Скорее всего, она была пройдена еще, когда собакоголовый бил ему по лицу тяжелым жезлом, а он уже тогда не боялся, хотя надо бы, ведь полное багровой смерти оружие могло сработать, оставив от него кучу пепла, но Дима четко осознавал, что незримо защищен. Сам демон-пес это понимал, да и болтливый сатир, произнесший, что они надежно защищены сами собой, только вот, чтобы это значило…
В этот момент в их небольшую, но такую уютную для Геенны Огненной клетку вошел дочерна загорелый и пошатывающийся от жуткого перегрева Такеши, на узкоглазом лице которого отобразилась вся гамма чувств, прочувствованная в нежных объятиях прохлады. Низкорослый японец, будто обмяк, расплывшись в искренней улыбке душевнобольного, рассказывающего докторам: «Я в Раю… Я всегда в Раю!», — а его тощие ноги автоматически понеслись к полной теплой воды канаве, от которой мигом оторвался жадно насыщающийся Лкетинг, прекрасно понимающий, что испытывает желтый брат.
— Пей, Та-ке-ши! Вкусная вода! Теплая, но вкусная! Пей! — он гостеприимно, словно принимая азиата у себя дома, отошел, расплывшись в искренней белозубой улыбке, а чуть ли не плачущий от счастья японец ринулся к воде, воткнувшись в нее лохматой головой с ушами, а затем, мгновенно вытащив их, принялся ополаскивать лицо, плечи, шею и грудь, блаженно бормоча:
— Никакой карьерный рост не сравнится с этим! Работа! Квартира! Дом! Зарплата! Все ничто! Вода и тень! Все! Больше ничего не надо! — он щедро плескал на себя теплую воду, однако спустя полминуты детского брызганья принялся просто пить, зачерпывая ладонями и всасывая, как голодный поросенок.
Дима с Лкетингом наблюдали за действом, творимым радостным Такеши, и не скрывали улыбок, однако в тоже время парень чувствовал себя очень уставшим, особенно разумом, требующим нормального сна, так и не полученного во время плавания по Реке Мертвых.
Внезапно раздался ослабленный каменной стеной крик младенца Лизы, уж его-то юноша запомнил, как свои пять пальцев и сейчас малыш, как он понимал, требовал жрать, а значит, по теории девушка была обязана угостить его наливной грудью. Так оно и вышло, ибо пронзительный детский рев быстро затих, а измученный юноша облокотился о едва теплую серую стену, ни капельки, не смущаясь застарелых запахов кала и мочи, тянущихся из прорубленной в каменном полу дыре, куда до них ходили некие узники, может «Спящие», а может и нет, раз они такая редкость…

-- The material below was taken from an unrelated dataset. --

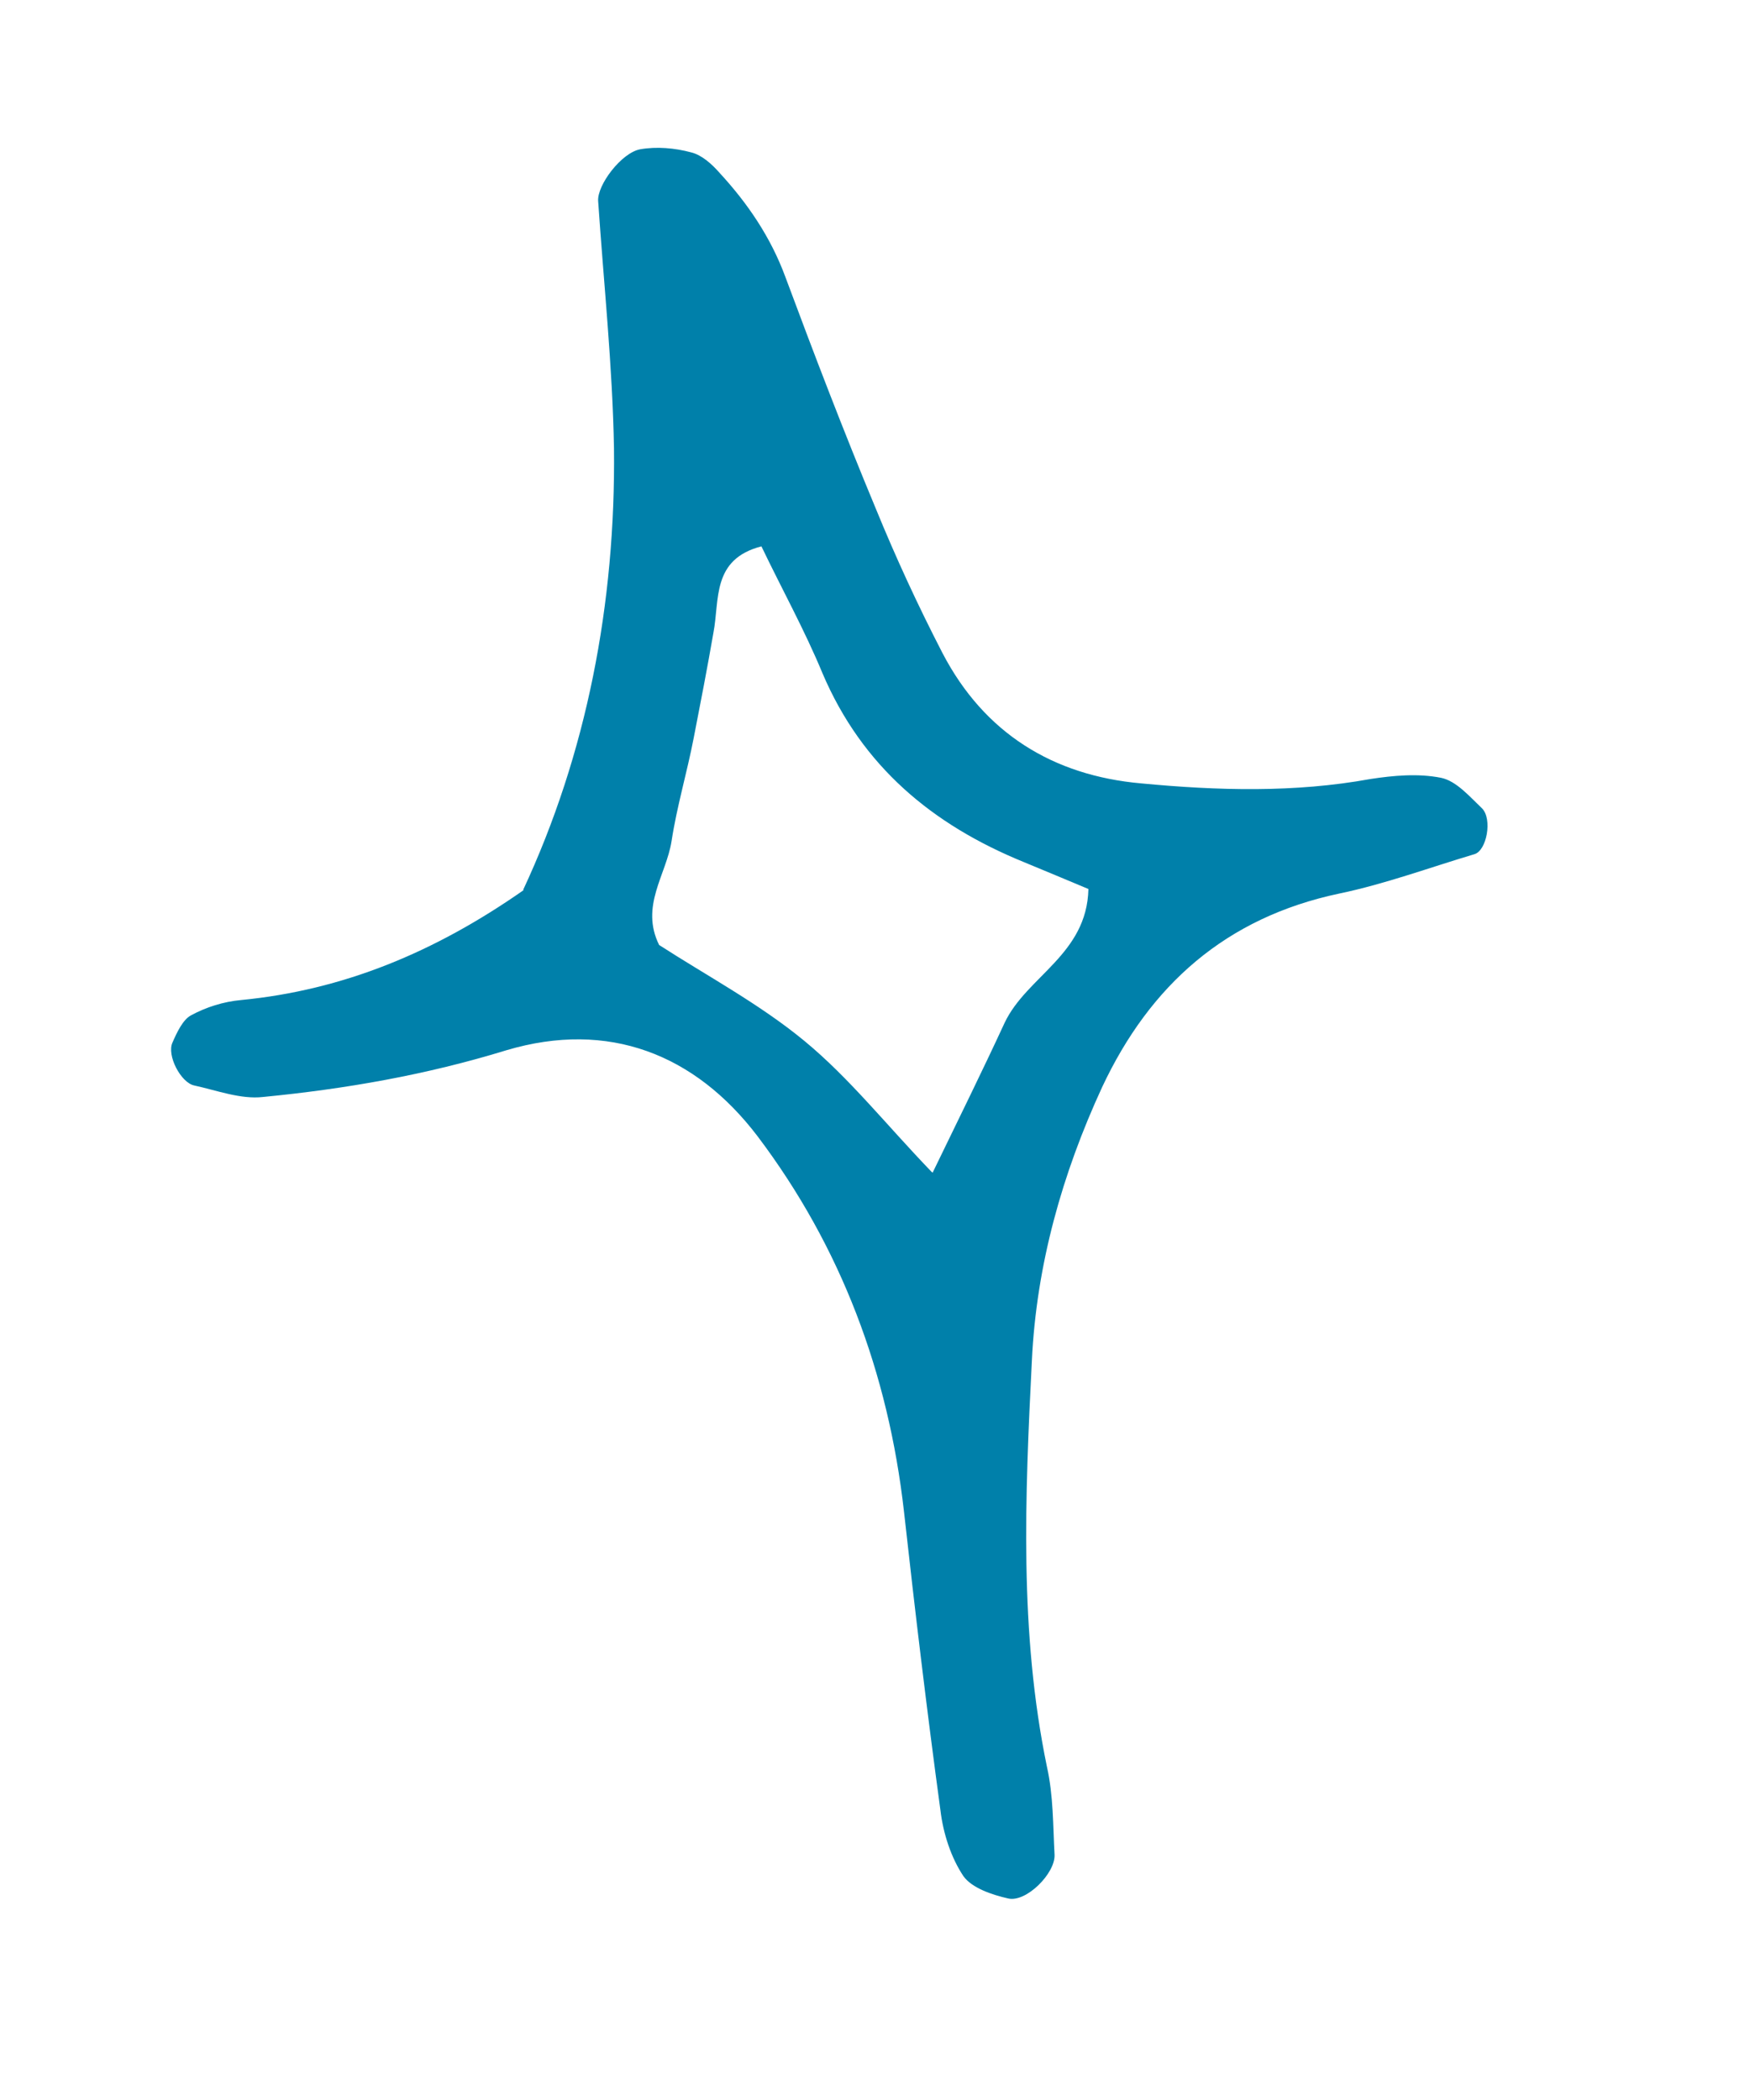 <svg width="20" height="24" viewBox="0 0 20 24" fill="none" xmlns="http://www.w3.org/2000/svg">
<path fill-rule="evenodd" clip-rule="evenodd" d="M5.978 10.172C6.706 8.612 7.036 6.899 7.017 5.125C7 4.179 6.9 3.243 6.836 2.298C6.823 2.115 7.102 1.745 7.317 1.706C7.504 1.673 7.713 1.691 7.901 1.742C8.019 1.771 8.136 1.875 8.224 1.976C8.544 2.323 8.808 2.71 8.976 3.166C9.305 4.051 9.643 4.934 10.008 5.81C10.238 6.373 10.491 6.921 10.771 7.463C11.248 8.38 12.036 8.864 13.042 8.953C13.916 9.036 14.796 9.061 15.662 8.903C15.923 8.863 16.205 8.837 16.468 8.889C16.643 8.924 16.796 9.104 16.938 9.239C17.058 9.361 16.991 9.721 16.851 9.762C16.337 9.915 15.83 10.103 15.306 10.212C14.01 10.486 13.143 11.258 12.596 12.424C12.14 13.412 11.845 14.456 11.793 15.547C11.715 17.101 11.647 18.653 11.965 20.192C12.039 20.52 12.034 20.865 12.052 21.196C12.063 21.408 11.729 21.744 11.523 21.697C11.337 21.655 11.106 21.577 11.01 21.441C10.869 21.23 10.779 20.953 10.748 20.69C10.593 19.551 10.457 18.409 10.331 17.273C10.152 15.694 9.613 14.251 8.658 12.986C7.945 12.048 6.955 11.656 5.787 12.003C4.873 12.284 3.952 12.445 3.005 12.537C2.751 12.566 2.476 12.461 2.222 12.406C2.067 12.376 1.902 12.059 1.972 11.913C2.021 11.8 2.09 11.654 2.181 11.605C2.355 11.51 2.555 11.447 2.756 11.429C3.92 11.316 4.967 10.885 5.987 10.171L5.978 10.172ZM10.659 13.401C10.963 12.774 11.232 12.229 11.482 11.688C11.734 11.157 12.422 10.909 12.439 10.16C12.193 10.057 11.947 9.954 11.7 9.852C10.656 9.426 9.854 8.759 9.401 7.697C9.197 7.203 8.931 6.723 8.702 6.244C8.131 6.392 8.226 6.854 8.153 7.234C8.084 7.631 8.007 8.03 7.929 8.429C7.852 8.829 7.735 9.218 7.675 9.613C7.614 10 7.313 10.356 7.533 10.8C8.078 11.152 8.68 11.473 9.194 11.897C9.708 12.321 10.125 12.851 10.648 13.394L10.659 13.401Z" fill="#0080AA"/>
</svg>

В кои-то веки расслабившийся Дмитрий чувствовал, как уходит скопившееся за столь тяжелый день напряжение, вследствие чего аккуратно сполз на еле теплый пол, вытянув ноющие ноги и руки, и выпуская из себя все накипевшее. Он отрешенно вслушивался в такой далекий рыночный гвалт, полный страдальческих воплей рабов и цокота копыт, медленно погружаясь в себя, дабы уже оттуда погрузиться в оздоравливающий сон, возможно скрывающий новые неизвестные подробности его старой жизни.